- Geographic distribution: Siberia, Manchuria, Xinjiang
- Ethnicity: Tungusic peoples
- Linguistic classification: One of the world's primary language families
- Subdivisions: Northern (Ewenic–Udegheic); Southern (Jurchenic–Nanaic);

Language codes
- ISO 639-5: tuw
- Glottolog: tung1282
- Geographic distribution of the Tungusic languages

= Tungusic languages =

Language family of Siberia and Manchuria

The Tungusic languages (/tʊŋˈɡʊsɪk/; also known as Manchu–Tungus and Tungus) form a language family spoken in eastern Siberia and northern China by Tungusic peoples. There are approximately 75,000 native speakers of the dozen living languages of the Tungusic language family. Today, the most spoken language in the family is Xibe, a southern Tungusic language spoken by a group that migrated from Manchuria to Xinjiang in the 18th century. It is followed by the northern Tungusic languages Evenki, spoken in Northeast China and the Russian Far East, and Even, in northeastern Siberia. Many Tungusic languages are critically endangered, including Manchu, the most historically influential of this family and an official language of the Qing Empire. The term "Tungusic" is from an exonym for the Evenk people (Ewenki) used by the Yakuts ("tongus").

==Classification==
Linguists working on Tungusic have proposed a number of different classifications based on different criteria, including morphological, lexical, and phonological characteristics. Some scholars have criticized the tree-based model of Tungusic classification and argue that the long history of contact among the Tungusic languages makes them better treated as a dialect continuum.

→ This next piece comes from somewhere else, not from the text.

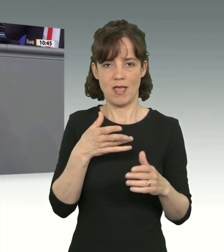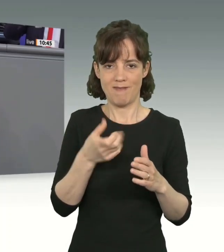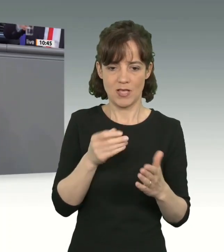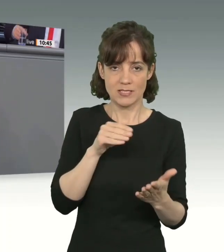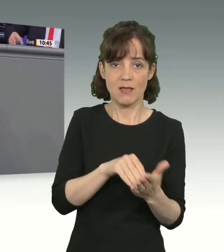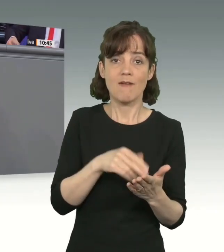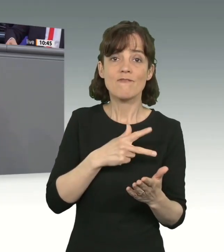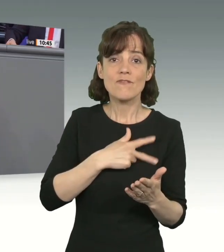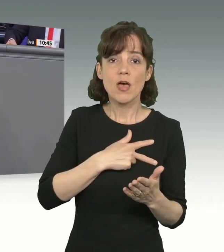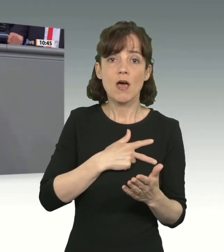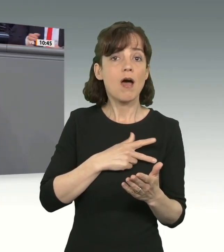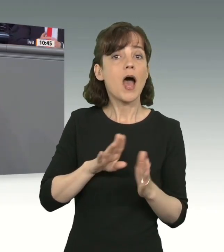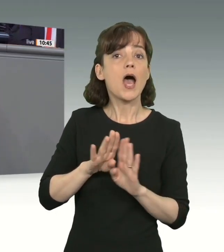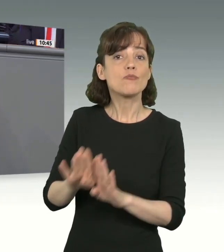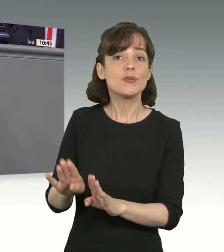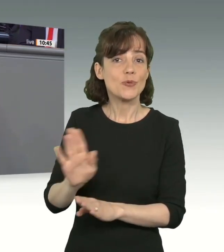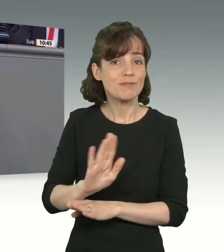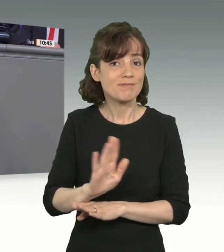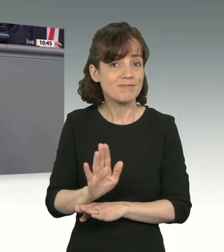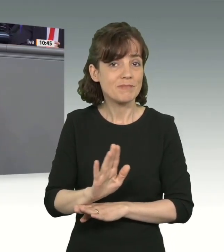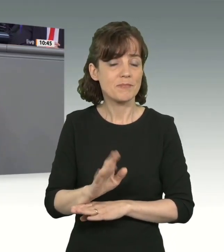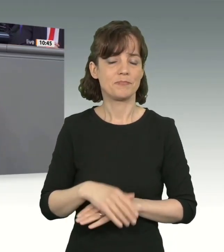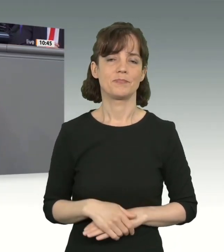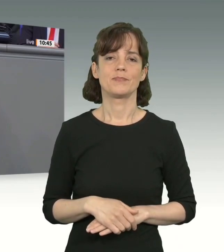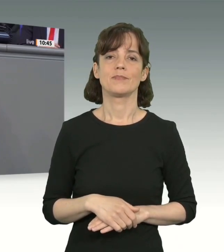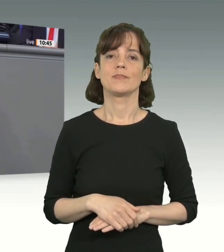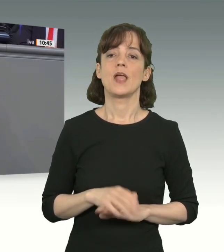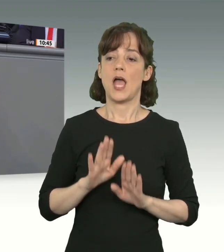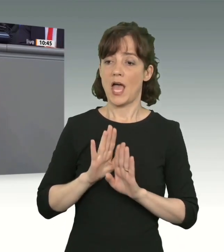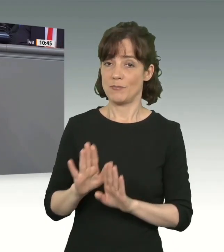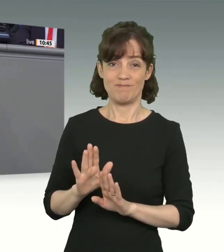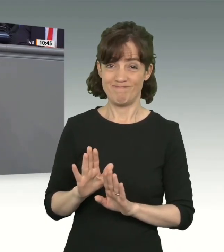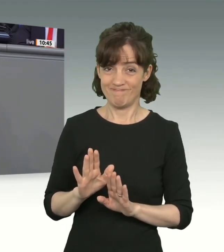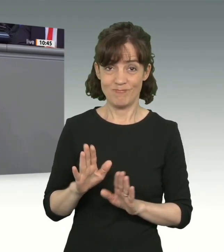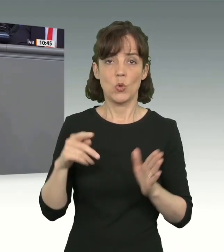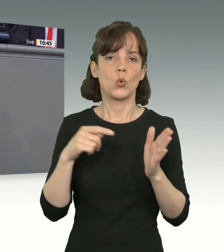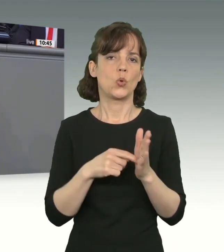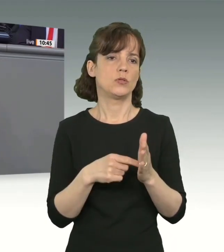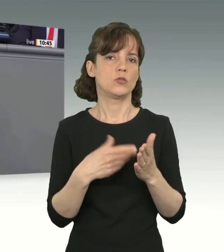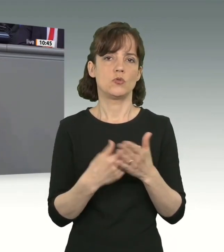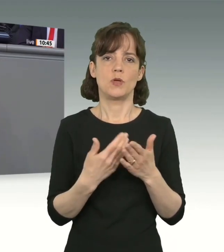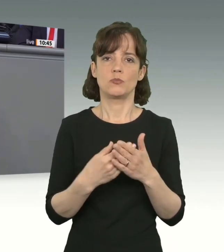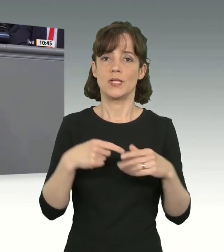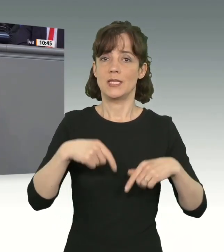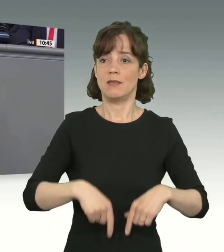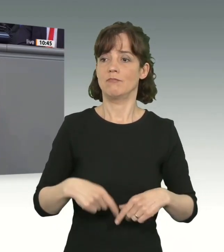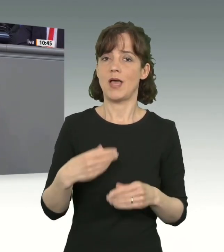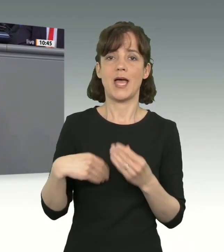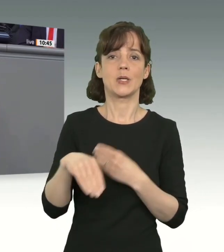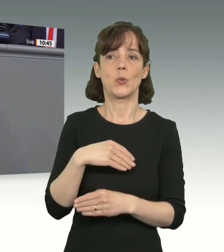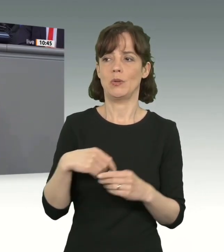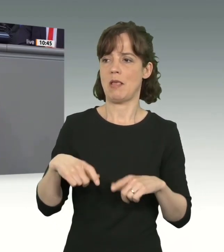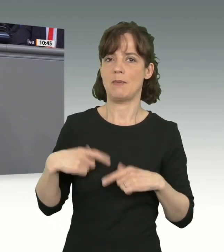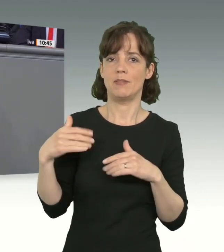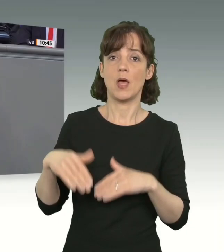sollen in Wirklichkeit gar nicht abgeschoben werden. Dass sie nicht abgeschoben werden können, kann zum Beispiel daran liegen, dass sie hier lebende Angehörige haben

Current geographic distribution of languages in the Tungusic family.

The main classification is into a northern branch and a southern branch (Georg 2004) although the two branches have no clear division, and the classification of intermediate groups is debatable.

Four mid-level subgroups are recognized by Hölzl (2018), namely Ewenic, Udegheic, Nanaic, and Jurchenic.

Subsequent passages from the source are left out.